## Task directions
Look through the lines below and extract each one that contains "background".

## Material to process
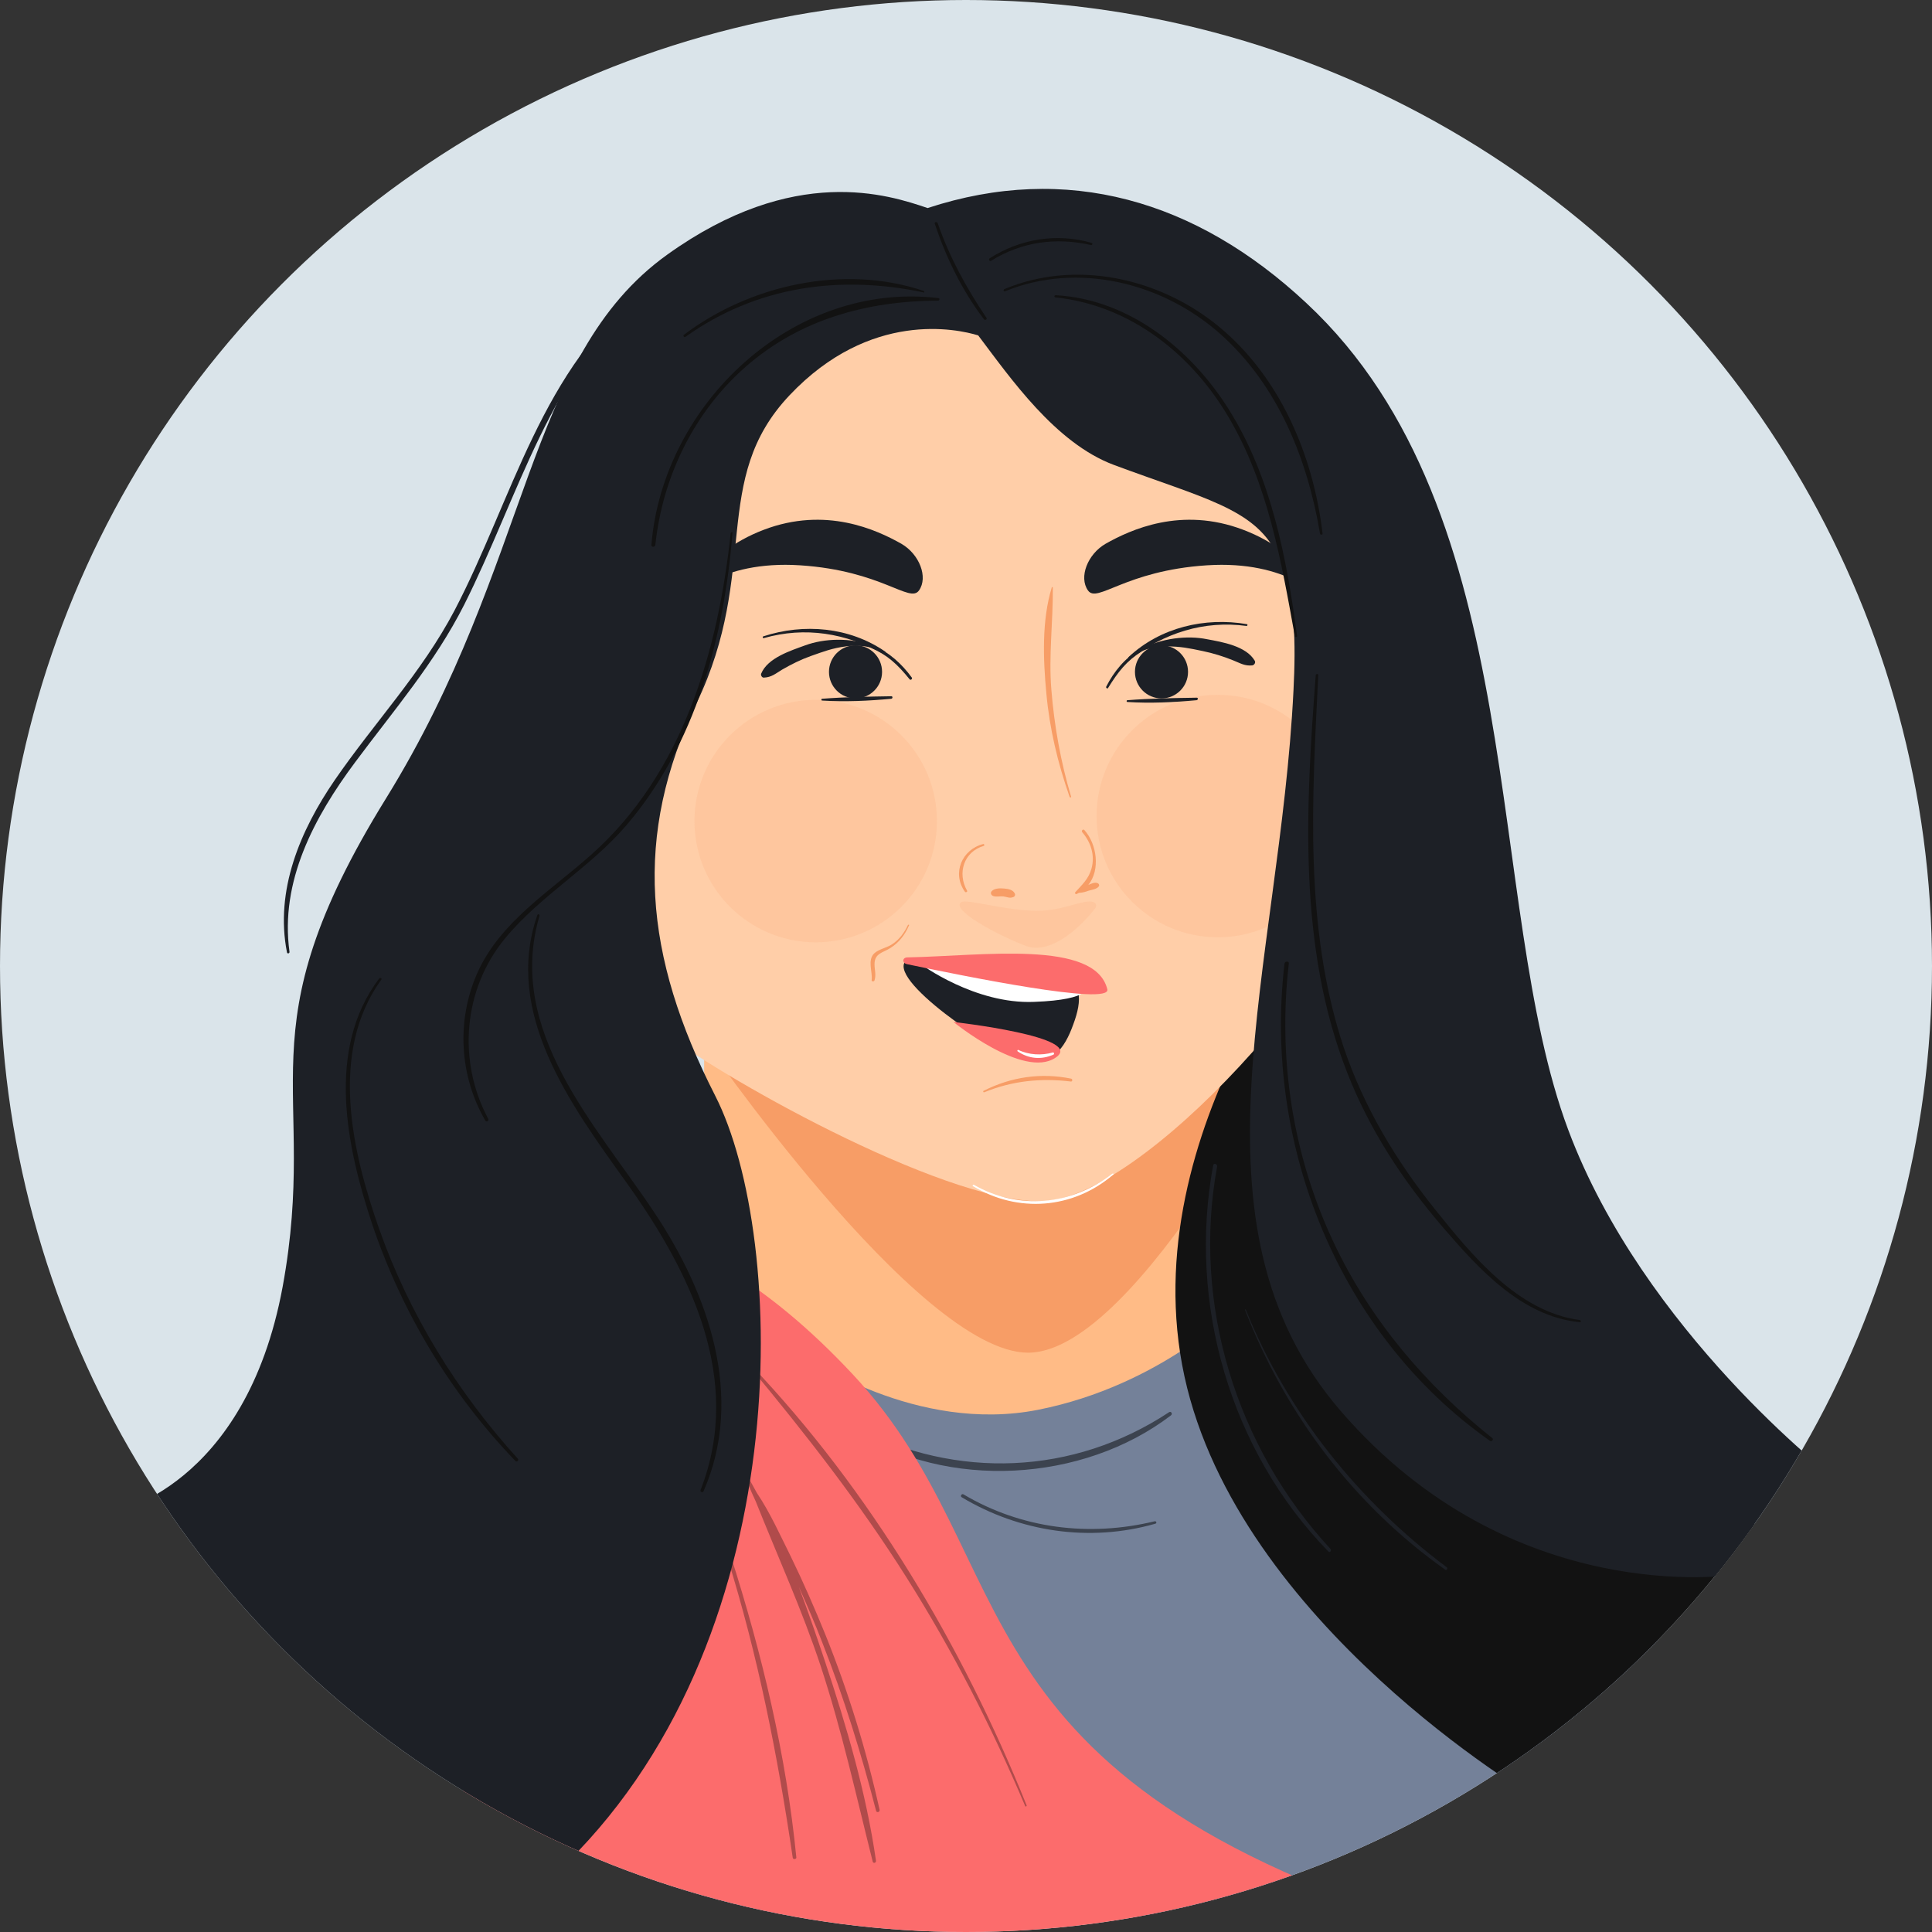 <?xml version="1.0" encoding="utf-8"?>
<!-- Generator: Adobe Illustrator 21.0.0, SVG Export Plug-In . SVG Version: 6.00 Build 0)  -->
<svg version="1.1" id="Layer_1" xmlns="http://www.w3.org/2000/svg" xmlns:xlink="http://www.w3.org/1999/xlink" x="0px" y="0px"
	 viewBox="0 0 538.6 538.6" style="enable-background:new 0 0 538.6 538.6;" xml:space="preserve">
<rect x="0" y="0" width="538.6" height="538.6" fill="#333333" stroke="none"/>
<style type="text/css">
	.st0{fill:#DAE4EA;}
	.st1{clip-path:url(#SVGID_2_);}
	.st2{fill:#FFBB86;}
	.st3{fill:#748199;}
	.st4{fill:#3C434F;}
	.st5{fill:#F79D66;}
	.st6{fill:#121212;}
	.st7{fill:#FFCEA8;}
	.st8{opacity:0.15;fill:#F79D66;enable-background:new    ;}
	.st9{fill:#1D2026;}
	.st10{fill:#FC6C6C;}
	.st11{fill:#B04B4B;}
	.st12{fill:#FFFFFF;}
</style>
<g id="Layer_3">
	<circle class="st0" cx="269.3" cy="269.3" r="269.3"/>
</g>
<g id="Layer_23">
	<g>
		<g>
			<defs>
				<circle id="SVGID_1_" cx="269.3" cy="269.3" r="269.3"/>
			</defs>
			<clipPath id="SVGID_2_">
				<use xlink:href="#SVGID_1_"  style="overflow:visible;"/>
			</clipPath>
			<g class="st1">
				<polygon class="st2" points="196.3,268.1 196.3,370.9 281,409 359.7,361.4 365.7,236.1 				"/>
				<path class="st3" d="M224.7,378.2c0,0,30.7,21.6,64.8,14.8s55.1-28.4,55.1-28.4l119.9,93.8V534H189.4L224.7,378.2z"/>
				<path class="st4" d="M325.9,393.7c-26.7,17.6-59.2,18.8-87.5,4.2c-0.5-0.3-1,0.5-0.5,0.8c26.1,16.8,64,14.6,88.5-4.1
					C327,394.2,326.5,393.3,325.9,393.7z"/>
				<path class="st5" d="M195.1,288.4c0,0,60.8,88.7,91.5,88.7s76.2-90.4,76.2-90.4L294,229.2L195.1,288.4z"/>
				<path class="st6" d="M372.2,250.2c0,0-57,64.5-42,133.5s97.3,117.2,97.3,117.2l65-71L372.2,250.2z"/>
				<path class="st7" d="M385.8,134.8c-6.4-21.3-48.7-66.7-110.3-66.7s-118,23.1-112.9,130c0,0,6.8,77,21.4,88.9s77.8,47.9,106,47.9
					s88-66.7,95.8-100.9C394.2,197,393.1,159,385.8,134.8z"/>
				<circle class="st8" cx="227.4" cy="228.9" r="33.8"/>
				<circle class="st8" cx="339.5" cy="227.5" r="33.8"/>
				<circle class="st9" cx="238.5" cy="187.3" r="7.4"/>
				<circle class="st9" cx="323.8" cy="187.3" r="7.4"/>
				<path class="st9" d="M191.1,167.1c0,0,9.2-11,32-9.5s30.5,10.7,33.1,7s0.1-10.1-4.9-13c-6.9-3.9-21.1-10.5-38.4-3.9
					S191.1,167.1,191.1,167.1z"/>
				<path class="st9" d="M368.4,167.1c0,0-9.2-11-32-9.5s-30.5,10.7-33.1,7s-0.1-10.1,4.9-13c6.9-3.9,21.1-10.5,38.4-3.9
					C364,154.3,368.4,167.1,368.4,167.1z"/>
				<path class="st10" d="M151.9,341.6c0,0,36.4-11.4,85.8,41.5s24.4,112.6,165.9,155.5H123.4L151.9,341.6z"/>
				<path class="st11" d="M209.4,380.6c-0.3-0.3-0.7,0.1-0.4,0.4c15.7,18.9,30.7,38.1,43.8,58.9c12.8,20.3,23.7,41.6,33,63.6
					c0.1,0.2,0.5,0.1,0.4-0.2C268.3,458.8,242.6,415.5,209.4,380.6z"/>
				<path class="st11" d="M245.2,504.5c-3.7-16.7-8.7-32.9-15.1-48.8c-3-7.4-6.2-14.7-9.7-21.9c-2.9-5.8-5.7-12.1-9.4-17.6
					c-0.8-1.5-1.6-2.9-2.4-4.3c-0.1-0.2-0.5-0.1-0.4,0.2c0.1,0.3,0.2,0.6,0.4,0.9c-0.1,0-0.2,0.1-0.2,0.3c0.7,1.8,1.5,3.6,2.3,5.3
					c6.1,15.3,12.9,30.2,18.1,45.9c5.9,17.9,9.9,36.2,14.5,54.5c0.2,0.6,1,0.3,0.9-0.3c-2.7-18.8-8.2-37.5-14.2-55.5
					c-2.3-6.9-4.7-13.9-7.3-20.8c2.3,5.1,4.5,10.2,6.5,15.4c6,15.3,10.9,31,15,46.9C244.3,505.5,245.4,505.2,245.2,504.5z"/>
				<path class="st11" d="M203.7,433.7c-0.2-0.6-1.2-0.4-1,0.3c8.6,27.5,14.1,55.4,18.3,83.9c0.1,0.6,1.1,0.4,1-0.1
					C219.2,489.3,212.4,460.9,203.7,433.7z"/>
				<path class="st9" d="M437.2,315c-23.7-63.3-10.1-171.9-73-230.5C333.4,55.7,297.3,45.3,258.6,58c-10.9-3.7-37.2-12.4-72.6,13
					c-39.6,28.4-37.7,85.8-78.4,151.6s-18.5,79.9-28.8,136.1c-10.4,56.2-47.3,62.9-47.3,62.9l0,0c3.7,56.6,50.7,100.6,107.4,100.6
					H155c68.1-63.6,64.4-177.5,44.4-216.7S176.5,233,194.2,196s3.6-62.2,25.9-85.8c22.5-23.8,46.7-18.5,52.6-16.7
					c9,11.9,21.5,30,37.8,36.1c25,9.3,38.9,12.1,45.3,24.5c5.6,10.8,5.4,26.1,4.8,38.3c-3.8,77.3-31.9,148.8,13.2,201
					c48,55.5,109.9,45.6,109.9,45.6l27.4-27.2C511,411.8,458.2,371.1,437.2,315z"/>
				<path class="st9" d="M299.2,285.6c-2.4,6.7-6,11.8-14.1,9.8s-38.8-22.9-32.3-27.8c2.6-2,33.1,1.4,41.2,3.4
					S301.7,278.9,299.2,285.6z"/>
				<path class="st10" d="M265.8,284.9c0,0,19.5,15.9,28.4,10C303.2,289.1,265.8,284.9,265.8,284.9z"/>
				<path class="st12" d="M256.7,268.8c0,0,15.1,11.2,31.6,10.5c16.6-0.6,14.6-4.4,14.6-4.4L256.7,268.8z"/>
				<path class="st10" d="M253,266.9c-1.5,0-1.6,1.6-0.1,1.9c15.3,3.2,56.9,11.7,55.8,7C305.3,261.9,273.8,266.5,253,266.9z"/>
				<path class="st9" d="M180.1,80.1c-29,21.9-37.3,59.4-53.4,90.1c-9.1,17.3-22.4,31.3-33.4,47.3c-9.6,14-16.7,30.7-13.3,48
					c0.1,0.5,0.8,0.3,0.7-0.2c-2.7-19.6,6.9-37.5,18.3-52.8c10.7-14.4,22.2-27.7,30.4-43.9c15.3-30.4,23.9-65.3,51.2-87.9
					C180.9,80.4,180.5,79.8,180.1,80.1z"/>
				<path class="st5" d="M282.9,249.1c-0.5-1.1-1.9-1.3-3-1.4c-1.1-0.1-2.6-0.1-3.4,0.7c-0.5,0.5-0.2,1.2,0.4,1.4
					c0.9,0.3,1.9,0,2.8,0.1s1.8,0.6,2.7,0.2C282.9,250,283.1,249.5,282.9,249.1z"/>
				<path class="st5" d="M274.1,235.3c-5.9,1.5-8.8,8.1-5.1,13.3c0.2,0.3,0.8,0,0.6-0.3c-2.8-4.9-0.9-10.9,4.7-12.5
					C274.5,235.7,274.4,235.2,274.1,235.3z"/>
				<path class="st6" d="M261.6,83.1c-40.5-4.8-76.8,29.5-80,68.8c-0.1,0.7,1,0.7,1.1,0c2-18.9,10.7-36.9,25-49.5
					c15.2-13.4,34-18.5,53.9-18.6C262,83.7,262,83.1,261.6,83.1z"/>
				<path class="st6" d="M257.5,81.1c-22.2-7.5-48.4-1.7-66.8,12.2c-0.4,0.3,0,0.9,0.4,0.6c19.8-14.1,42.9-17.3,66.3-12.4
					C257.7,81.7,257.8,81.3,257.5,81.1z"/>
				<path class="st6" d="M203.7,148.6c-3.5,32.9-13.3,66.9-38.8,89.6c-11.4,10.2-25.5,18.7-31.9,33.2c-5.8,13.2-4.9,28.6,2.3,41
					c0.3,0.5,1.1,0.1,0.8-0.5c-8.6-16.1-7-36.1,4.7-50.3c9.9-12,23.7-19.7,33.8-31.5c19.3-22.5,27.3-52.6,29.6-81.6
					C204.3,148.3,203.8,148.3,203.7,148.6z"/>
				<path class="st6" d="M182.4,338c-16.3-24.5-41.4-50.6-32-82.7c0.1-0.4-0.5-0.6-0.6-0.2c-9.5,27.4,9.4,53,24.5,74.1
					c18,25,33.1,55.2,21,86.2c-0.2,0.5,0.6,0.8,0.8,0.4C207.7,389.4,197.5,360.6,182.4,338z"/>
				<path class="st6" d="M144.4,406.7c-16.9-18.6-30.3-40.3-38.7-64.1c-7.6-21.6-14-49.3,0.6-69.5c0.3-0.3-0.3-0.7-0.6-0.3
					c-14.9,19.7-9.1,47-1.9,68.6c8.3,24.6,21.9,47.2,39.9,65.9C144.1,407.7,144.7,407.1,144.4,406.7z"/>
				<path class="st6" d="M416,400.9c-18.5-14.7-33.9-32.8-44.1-54.3c-11.5-24.3-15.7-51.4-12.6-78c0.1-0.7-1.1-0.7-1.2,0
					c-6,50.5,15.2,103.5,57.3,133.1C415.9,402,416.5,401.2,416,400.9z"/>
				<path class="st6" d="M440.4,368c-17.3-2.3-30.1-18.1-40.3-30.8c-10.9-13.6-19.9-28.6-25.5-45.2c-11.1-33.4-8.8-69.2-7.1-103.8
					c0-0.4-0.6-0.4-0.7,0c-2.8,36.9-5,75.8,8.8,110.9c6.2,15.9,15.6,30.2,26.7,43.1c10,11.6,21.9,24.8,38.1,26.4
					C440.8,368.6,440.8,368.1,440.4,368z"/>
				<path class="st6" d="M275,88.6c-5.6-8.3-10.3-16.9-13.6-26.4c-0.2-0.5-1-0.3-0.8,0.2c3.2,9.5,7.6,18.6,13.7,26.6
					C274.6,89.4,275.3,89,275,88.6z"/>
				<path class="st6" d="M361.6,177.3c-2.9-21.7-7.2-44.3-19-63.1c-10.5-16.8-27.9-30.8-48.3-31.9c-0.4,0-0.5,0.5-0.1,0.6
					c20.8,2.2,37.9,15.7,48.3,33.4c11,18.6,14.7,40.2,18.5,61.2C361.1,177.7,361.7,177.6,361.6,177.3z"/>
				<path class="st6" d="M339.5,90.8C323,77.4,299.8,72.3,280,80.6c-0.4,0.2-0.2,0.8,0.2,0.6c20.3-8.3,44-2.4,60.1,12
					c16,14.3,24.2,34.8,27.7,55.6c0.1,0.4,0.8,0.3,0.7-0.1C366.1,126.9,356.8,104.9,339.5,90.8z"/>
				<path class="st6" d="M304.3,67.7c-9.8-2.8-19.9-1.1-28.4,4.3c-0.4,0.3,0,1,0.4,0.7c8.5-5.3,18.1-6.6,27.8-4.4
					C304.6,68.4,304.7,67.8,304.3,67.7z"/>
				<path class="st9" d="M370.9,431.8c-26.3-28.4-38.6-68.3-31.6-106.6c0.1-0.7-1-1.1-1.1-0.3c-7.1,38.4,4.7,79.5,32.1,107.6
					C370.7,433,371.3,432.3,370.9,431.8z"/>
				<path class="st9" d="M403.3,436.9c-24.6-18.4-44.5-43.2-56-71.8c-0.1-0.1-0.3-0.1-0.2,0.1c11.3,29.1,30.3,54.3,55.8,72.4
					C403.3,437.9,403.7,437.2,403.3,436.9z"/>
				<path class="st12" d="M310.1,327.2c-11.4,8.9-26.2,10.2-38.6,3.1c-0.3-0.1-0.5,0.3-0.2,0.4c12.4,7.5,27.8,6.4,39-3.2
					C310.6,327.4,310.4,327,310.1,327.2z"/>
				<path class="st4" d="M321.9,424.1c-18.2,4.4-37.1,2.1-53.3-7.5c-0.5-0.3-1,0.5-0.5,0.8c16.2,9.7,35.7,12.6,53.9,7.4
					C322.6,424.7,322.4,424,321.9,424.1z"/>
				<path class="st9" d="M254.2,188.9c-2.7-3.7-6.3-7.1-10.6-8.8c-6.6-2.5-13.9-2.1-19.1-0.2c-4.1,1.5-10.5,3.5-12.3,7.9
					c-0.2,0.5,0.3,1.2,0.8,1.1c2.1-0.1,3.2-1.1,5-2.2c2.6-1.5,5.2-2.8,8-3.8c3.7-1.3,6-2.2,9.8-2.7c2.1-0.3,5.6-0.2,7,0.4
					c4.6,2,7.4,4.6,10.8,8.8C253.9,189.7,254.4,189.3,254.2,188.9z"/>
				<path class="st9" d="M246.7,181.6c-9.9-6.8-22.6-7.9-33.9-4.2c-0.3,0.1-0.2,0.5,0.1,0.5c11.6-3.3,22.9-1.4,33.4,4.4
					C246.8,182.5,247.1,181.9,246.7,181.6z"/>
				<path class="st9" d="M308.4,191.4c2.1-4.1,5.2-8,9.2-10.2c6.1-3.4,13.5-4.1,18.9-3c4.3,0.8,10.9,1.9,13.3,6
					c0.3,0.5-0.1,1.2-0.7,1.3c-2.1,0.2-3.3-0.6-5.3-1.4c-2.7-1.1-5.6-2-8.5-2.6c-3.8-0.8-6.2-1.3-10.1-1.3c-2.2,0-5.6,0.6-6.9,1.4
					c-4.3,2.7-6.6,5.7-9.4,10.2C308.8,192.1,308.2,191.8,308.4,191.4z"/>
				<path class="st9" d="M314.7,183.1c8.8-8.2,21.2-11.1,32.9-9.1c0.3,0.1,0.2,0.5-0.1,0.5c-12-1.6-22.9,2-32.4,9.2
					C314.7,184,314.3,183.4,314.7,183.1z"/>
				<path class="st5" d="M298.6,300.7c-8.4-1.7-16.7-0.5-24.4,3.4c-0.2,0.1-0.1,0.5,0.2,0.4c7.8-3.2,15.8-4,24.1-3
					C299,301.6,299.1,300.8,298.6,300.7z"/>
				<path class="st5" d="M293.1,192.3c-0.8-9.6,0.5-18.9,0.4-28.5c0-0.2-0.3-0.2-0.3,0c-2.8,9.2-2.4,20-1.5,29.5
					c0.9,9.9,3.2,19.5,6.5,28.9c0.1,0.2,0.5,0.1,0.4-0.1C295.7,212.4,293.9,202.3,293.1,192.3z"/>
				<path class="st5" d="M306,246.2c-0.8-0.3-1.7,0.1-2.6,0.5c3.4-4.2,2.4-11.4-1.1-15.3c-0.4-0.4-0.9,0.2-0.6,0.6
					c2.4,2.8,3.6,6.4,2.6,10.1c-0.8,2.9-2.6,4.5-4.5,6.6c-0.3,0.3,0.1,0.7,0.4,0.5c0.2-0.1,0.4-0.2,0.6-0.3c0.9,0,1.9-0.3,2.7-0.6
					c1-0.3,2.3-0.4,2.9-1.3C306.5,246.7,306.3,246.3,306,246.2z"/>
				<path class="st8" d="M304.9,251.5c0.7,0.3,0.9,1.1,0.4,1.7c-3.5,4.7-12.2,13.2-19.3,10.5c-8.2-3.1-21.2-10.2-18-12.2
					c1.5-1,12.3,2.4,21.2,2.4C296.7,253.9,302.2,250.5,304.9,251.5z"/>
				<path class="st5" d="M253.1,257.9c-1,2.1-2.3,3.9-4.2,5.2c-1.5,1.1-3.7,1.4-5.1,2.6c-2.1,1.9-0.5,5.2-0.8,7.5
					c-0.1,0.5,0.7,0.5,0.8,0.1c0.5-1.6,0-2.9,0-4.5c0-3.1,2.4-3.2,4.4-4.5c2.4-1.5,4.1-3.7,5.2-6.3
					C253.6,257.8,253.2,257.7,253.1,257.9z"/>
				<path class="st12" d="M293.5,293.4c-3.1,0.9-6.7,0.7-9.6-0.7c-0.2-0.1-0.4,0.2-0.2,0.4c3.1,2.1,6.6,2.4,10,0.9
					C294,293.8,293.8,293.3,293.5,293.4z"/>
				<path class="st9" d="M333.6,194.5c-6.4,0.1-12.9,0.2-19.3,0.7c-0.3,0-0.3,0.5,0,0.5c6.4,0.4,12.9,0.1,19.3-0.5
					C334,195.1,334.1,194.5,333.6,194.5z"/>
				<path class="st9" d="M248.5,194.1c-6.4,0.1-12.9,0.2-19.3,0.7c-0.3,0-0.3,0.5,0,0.5c6.4,0.4,12.9,0.1,19.3-0.5
					C248.9,194.7,248.9,194.1,248.5,194.1z"/>
			</g>
		</g>
	</g>
</g>
</svg>

## Response below
	 viewBox="0 0 538.6 538.6" style="enable-background:new 0 0 538.6 538.6;" xml:space="preserve">
	.st8{opacity:0.15;fill:#F79D66;enable-background:new    ;}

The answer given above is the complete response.